3.3 Electrical mapping and electrocardiographic studies inex vivo heart preparations
We then explored the effects of HCQ alone and combined with AZM in the
whole heart on electrophysiological activation and recovery, their
electrocardiographic correlates and the consequent
Ca2+ signalling processes reflecting
excitation-contraction coupling.
Figure 5A summarises sites of apical stimulation, and multi-electrode
array (MEA) and ECG recording in the electrical mapping experiments.

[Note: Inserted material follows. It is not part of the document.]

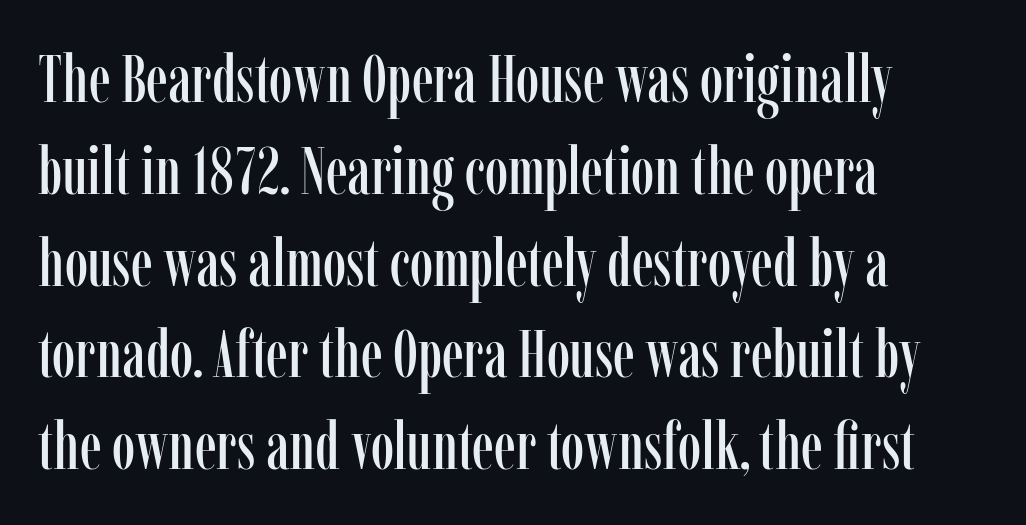
You could not count columns in this text — the font is proportionally spaced. Letterform terminals end in serifs throughout the passage. Typeset ragged right — the left edge is the straight one. Unlike italic type, these characters show no tilt at all.

Representative left atrial (LA) and left ventricular (LV) isochronal
conduction maps (B) obtained in the presence of 0 - 10 µM HCQ revealed a
clear reduction of conduction velocity and increased conduction
heterogeneities at 10 µM HCQ. Synergistic inhibitory effects on
conduction velocity were observed when hearts were treated with the 10
µM HCQ in combination with 10 µM AZM. All these effects were reversed on
drug washout (C(i)). 10 µM HCQ significantly decreased conduction
velocities of excitation with further decreases in velocity with the 10
µM HCQ and 10 µM AZM combination (C(ii)).
Quantification of the corresponding electrocardiogram (ECG) traces
(D(i)) demonstrated that both 10 µM HCQ, and 10 µM HCQ in combination
with 10 µM AZM, decreased heart rate (HR)(D(i)), and increased QT
interval (D(iii)), PR interval (D(iv)) and QRS duration (D(v)). In
particular, AZM when combined with HCQ augmented its effects on HR, and
QT and PR interval. Together these results suggested that 10 µM HCQ, and
10 µM HCQ and 10 µM AZM combined, exerted synergistic inhibitory effects
on heart rate and conduction, and prolonged cardiac repolarisation.